#### The task:
Extract the lines up to and including the one that contains "The image shows 21", starting with the first line of the entries below, and omit the pictures.

============================================================

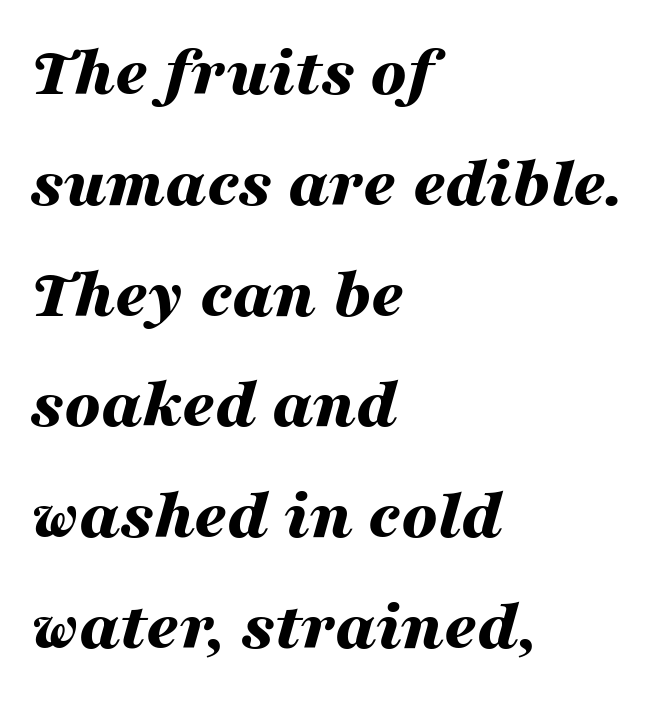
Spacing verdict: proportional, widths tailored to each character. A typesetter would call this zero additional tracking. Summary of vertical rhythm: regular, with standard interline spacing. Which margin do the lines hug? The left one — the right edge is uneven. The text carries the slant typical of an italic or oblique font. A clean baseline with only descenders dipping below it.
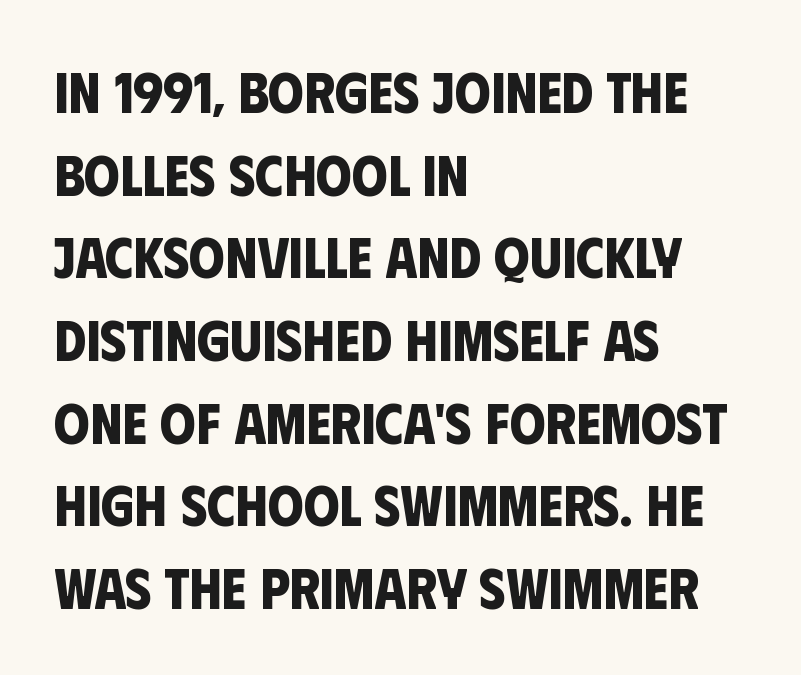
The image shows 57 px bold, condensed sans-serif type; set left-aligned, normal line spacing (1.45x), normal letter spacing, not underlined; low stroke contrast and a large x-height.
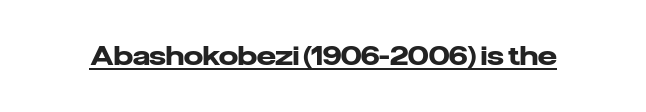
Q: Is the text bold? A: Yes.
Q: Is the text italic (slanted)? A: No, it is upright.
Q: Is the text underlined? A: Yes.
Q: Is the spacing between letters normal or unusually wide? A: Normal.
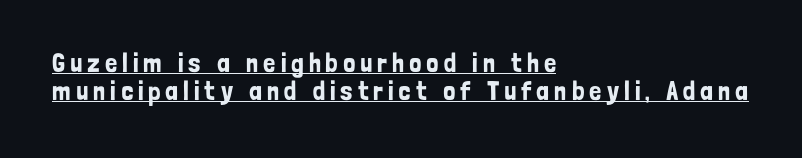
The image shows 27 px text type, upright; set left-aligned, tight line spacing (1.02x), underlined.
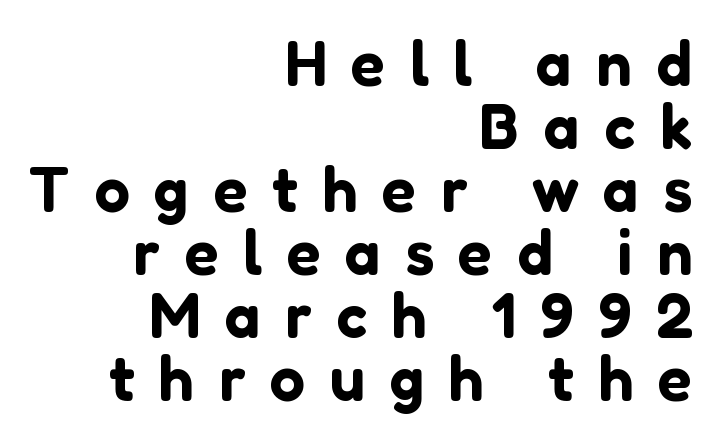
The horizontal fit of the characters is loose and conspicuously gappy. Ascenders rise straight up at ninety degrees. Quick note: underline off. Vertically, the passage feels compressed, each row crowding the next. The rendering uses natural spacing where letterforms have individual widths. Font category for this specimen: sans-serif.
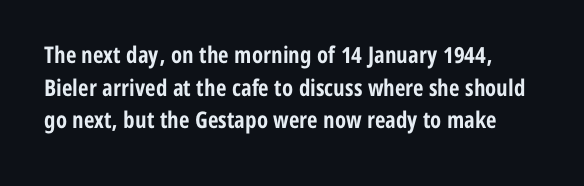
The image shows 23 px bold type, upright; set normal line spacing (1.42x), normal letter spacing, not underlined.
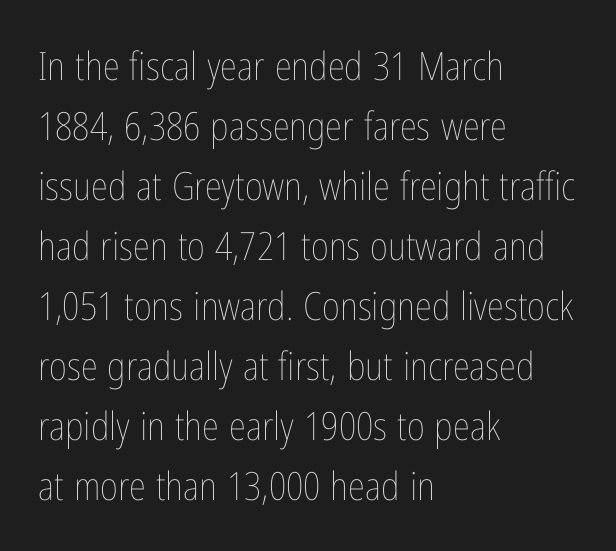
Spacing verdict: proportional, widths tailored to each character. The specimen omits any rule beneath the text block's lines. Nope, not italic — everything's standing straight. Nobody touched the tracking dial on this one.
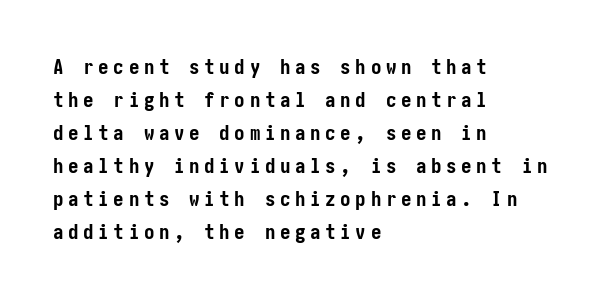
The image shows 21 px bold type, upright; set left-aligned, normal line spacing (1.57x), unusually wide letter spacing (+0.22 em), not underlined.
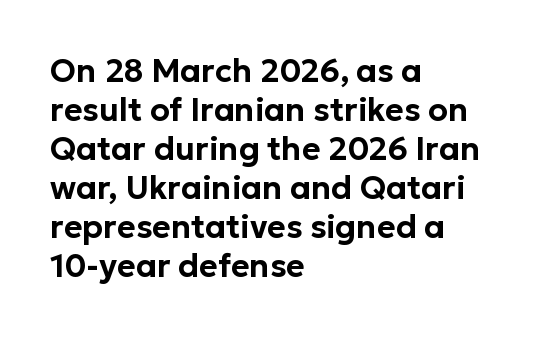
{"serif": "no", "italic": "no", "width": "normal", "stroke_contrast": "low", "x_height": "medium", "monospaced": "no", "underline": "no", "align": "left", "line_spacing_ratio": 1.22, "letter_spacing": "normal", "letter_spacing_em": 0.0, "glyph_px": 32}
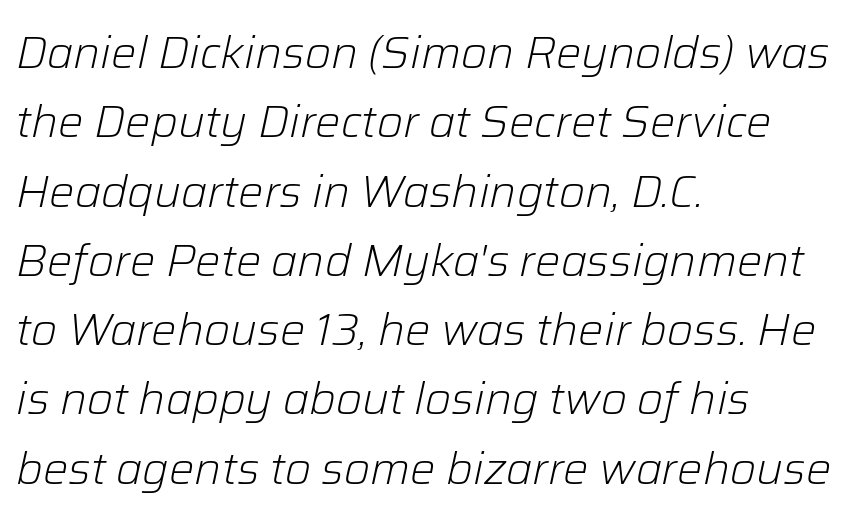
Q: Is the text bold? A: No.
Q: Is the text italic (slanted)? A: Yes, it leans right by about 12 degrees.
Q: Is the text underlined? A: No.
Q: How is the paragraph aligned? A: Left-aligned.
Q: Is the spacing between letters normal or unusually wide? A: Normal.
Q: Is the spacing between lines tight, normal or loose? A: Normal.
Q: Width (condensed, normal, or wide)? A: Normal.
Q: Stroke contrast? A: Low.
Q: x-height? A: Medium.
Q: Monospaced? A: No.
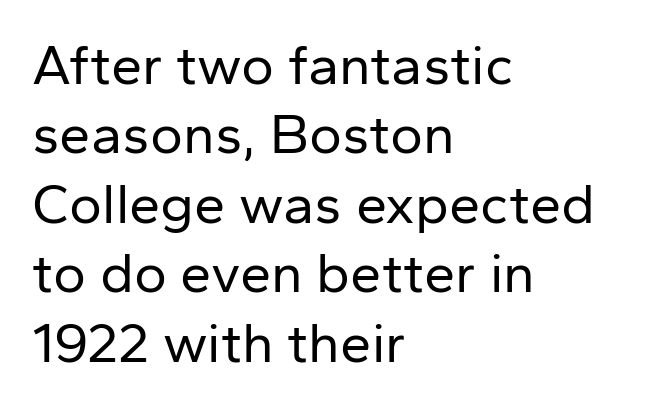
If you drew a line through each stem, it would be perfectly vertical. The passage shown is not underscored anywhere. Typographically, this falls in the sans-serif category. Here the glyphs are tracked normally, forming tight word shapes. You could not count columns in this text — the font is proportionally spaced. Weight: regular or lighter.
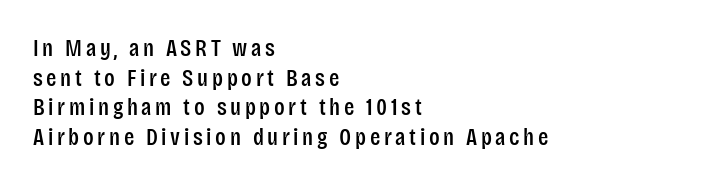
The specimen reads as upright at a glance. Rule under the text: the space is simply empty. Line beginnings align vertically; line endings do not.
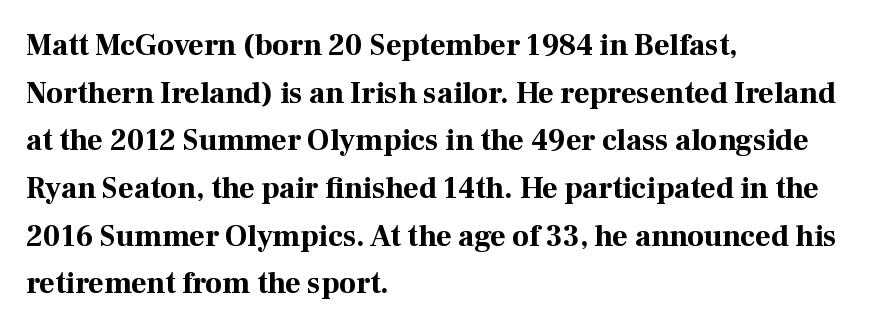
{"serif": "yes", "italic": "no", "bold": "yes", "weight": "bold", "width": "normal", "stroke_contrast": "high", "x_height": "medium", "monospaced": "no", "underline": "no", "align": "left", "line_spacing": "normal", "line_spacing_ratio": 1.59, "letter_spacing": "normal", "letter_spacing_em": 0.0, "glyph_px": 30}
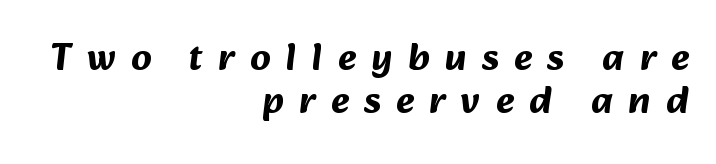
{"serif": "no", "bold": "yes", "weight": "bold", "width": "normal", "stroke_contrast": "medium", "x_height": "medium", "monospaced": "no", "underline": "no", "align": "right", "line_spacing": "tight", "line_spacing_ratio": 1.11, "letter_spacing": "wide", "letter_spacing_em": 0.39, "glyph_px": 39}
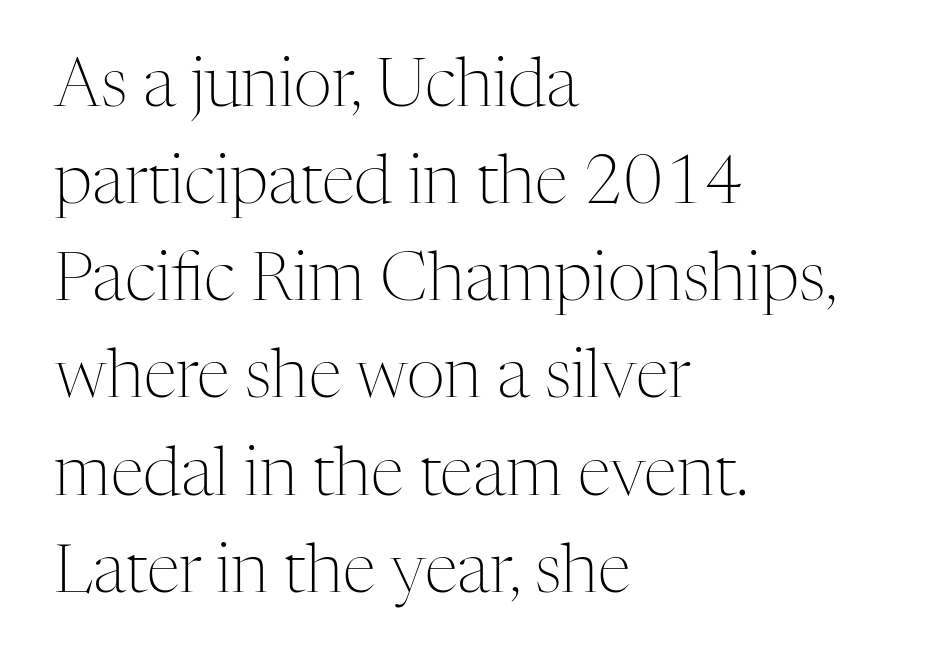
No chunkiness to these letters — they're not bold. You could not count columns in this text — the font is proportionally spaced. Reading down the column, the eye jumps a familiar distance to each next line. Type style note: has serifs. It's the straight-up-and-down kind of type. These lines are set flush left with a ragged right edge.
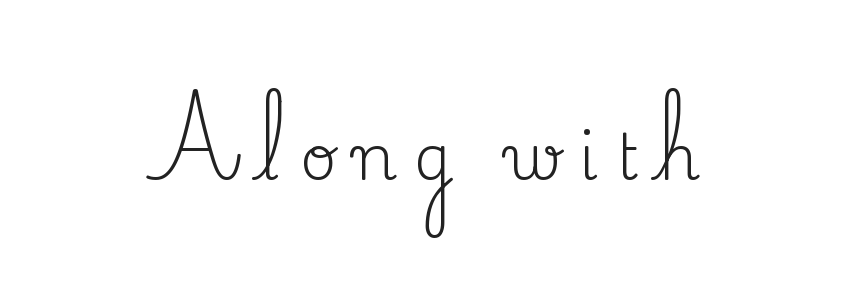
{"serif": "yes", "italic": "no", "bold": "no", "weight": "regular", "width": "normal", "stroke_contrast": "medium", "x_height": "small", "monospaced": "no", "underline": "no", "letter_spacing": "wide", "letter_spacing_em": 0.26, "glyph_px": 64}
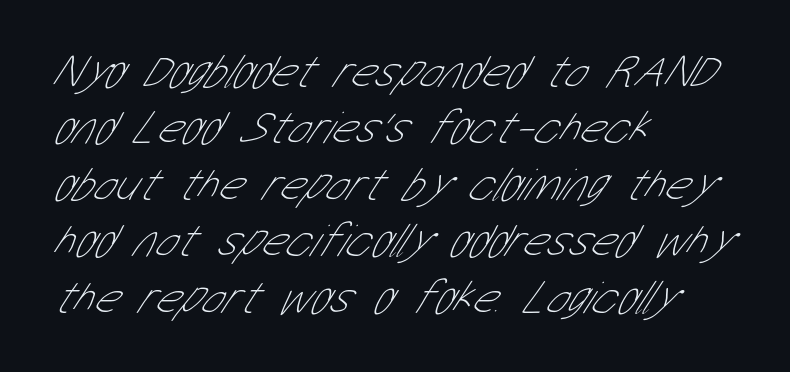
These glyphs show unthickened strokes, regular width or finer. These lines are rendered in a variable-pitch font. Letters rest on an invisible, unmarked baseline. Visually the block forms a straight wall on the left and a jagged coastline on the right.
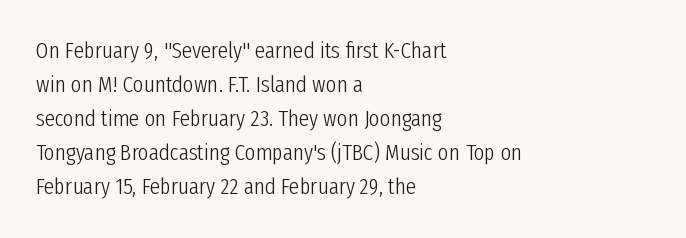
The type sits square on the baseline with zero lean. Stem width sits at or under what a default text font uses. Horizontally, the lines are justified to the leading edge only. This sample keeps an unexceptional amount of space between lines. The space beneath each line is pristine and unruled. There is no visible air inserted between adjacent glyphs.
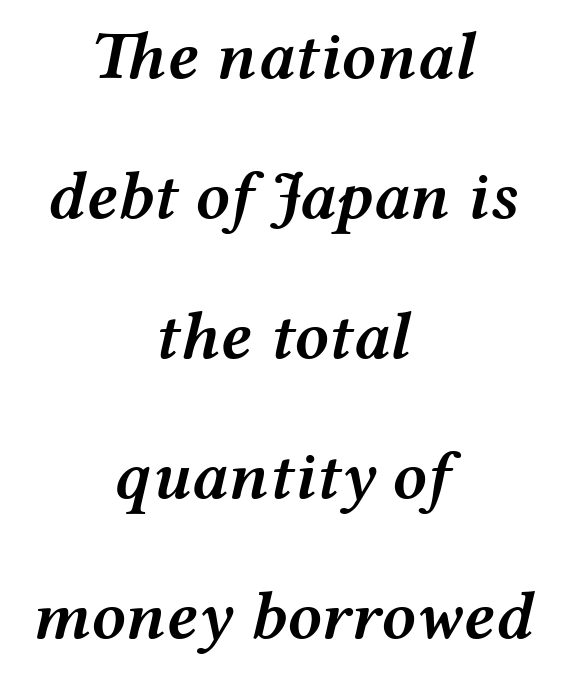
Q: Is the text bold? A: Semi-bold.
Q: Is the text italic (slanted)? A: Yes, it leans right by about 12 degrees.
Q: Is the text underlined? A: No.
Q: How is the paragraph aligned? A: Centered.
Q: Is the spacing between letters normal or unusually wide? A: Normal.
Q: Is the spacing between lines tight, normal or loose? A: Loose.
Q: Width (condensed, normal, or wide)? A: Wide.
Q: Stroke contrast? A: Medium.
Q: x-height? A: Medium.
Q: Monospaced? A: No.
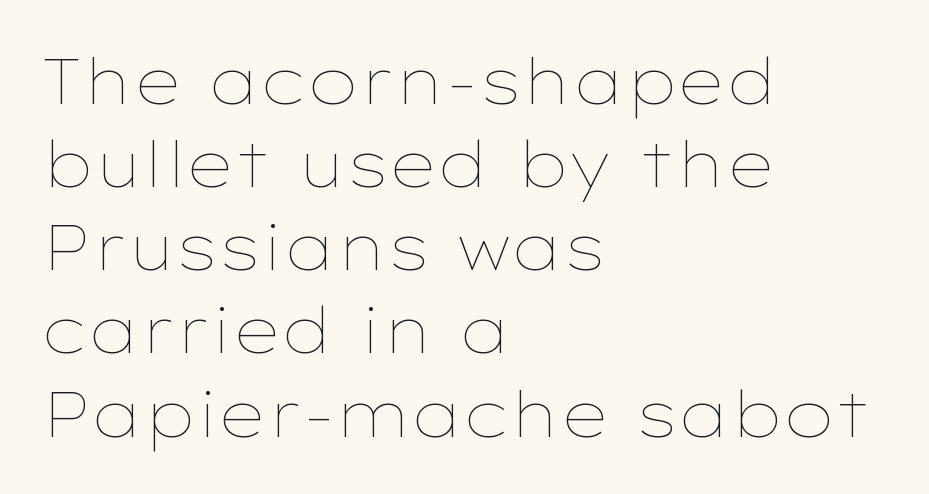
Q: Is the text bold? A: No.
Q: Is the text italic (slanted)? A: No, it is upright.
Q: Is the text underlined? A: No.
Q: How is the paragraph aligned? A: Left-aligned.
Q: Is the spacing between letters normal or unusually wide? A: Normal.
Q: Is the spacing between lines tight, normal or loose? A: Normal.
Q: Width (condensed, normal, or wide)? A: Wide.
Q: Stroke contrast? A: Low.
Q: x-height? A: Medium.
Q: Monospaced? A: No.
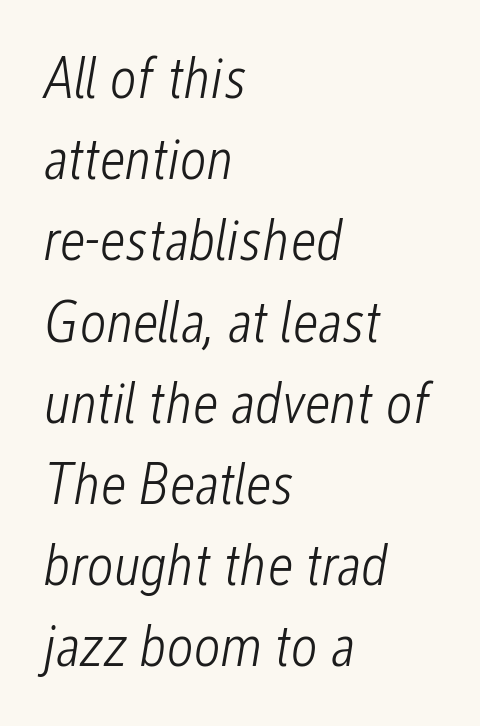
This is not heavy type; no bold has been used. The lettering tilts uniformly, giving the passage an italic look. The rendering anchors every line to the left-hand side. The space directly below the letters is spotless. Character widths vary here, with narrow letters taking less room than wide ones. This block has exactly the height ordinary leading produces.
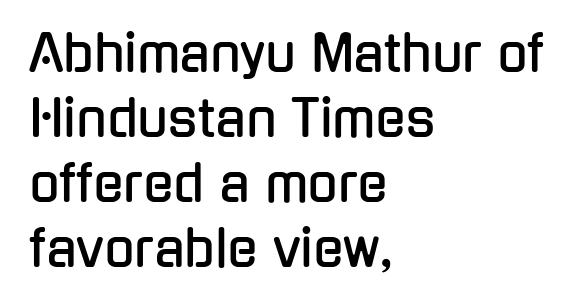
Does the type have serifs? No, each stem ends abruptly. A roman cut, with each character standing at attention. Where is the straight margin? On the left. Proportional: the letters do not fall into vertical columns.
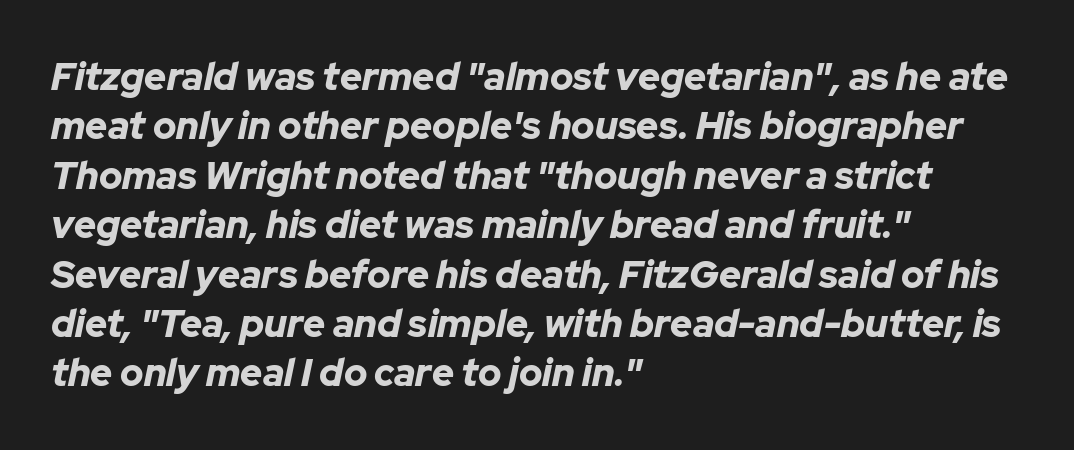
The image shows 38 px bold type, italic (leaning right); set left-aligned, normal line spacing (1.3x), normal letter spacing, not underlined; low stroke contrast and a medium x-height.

============================================================

#### The completed task:
Spacing verdict: proportional, widths tailored to each character. A typesetter would call this zero additional tracking. Summary of vertical rhythm: regular, with standard interline spacing. Which margin do the lines hug? The left one — the right edge is uneven. The text carries the slant typical of an italic or oblique font. A clean baseline with only descenders dipping below it.
The image shows 57 px bold, condensed sans-serif type; set left-aligned, normal line spacing (1.45x), normal letter spacing, not underlined; low stroke contrast and a large x-height.
Q: Is the text bold? A: Yes.
Q: Is the text italic (slanted)? A: No, it is upright.
Q: Is the text underlined? A: Yes.
Q: Is the spacing between letters normal or unusually wide? A: Normal.
The image shows 27 px text type, upright; set left-aligned, tight line spacing (1.02x), underlined.
The horizontal fit of the characters is loose and conspicuously gappy. Ascenders rise straight up at ninety degrees. Quick note: underline off. Vertically, the passage feels compressed, each row crowding the next. The rendering uses natural spacing where letterforms have individual widths. Font category for this specimen: sans-serif.
The image shows 23 px bold type, upright; set normal line spacing (1.42x), normal letter spacing, not underlined.
Spacing verdict: proportional, widths tailored to each character. The specimen omits any rule beneath the text block's lines. Nope, not italic — everything's standing straight. Nobody touched the tracking dial on this one.
The image shows 21 px bold type, upright; set left-aligned, normal line spacing (1.57x), unusually wide letter spacing (+0.22 em), not underlined.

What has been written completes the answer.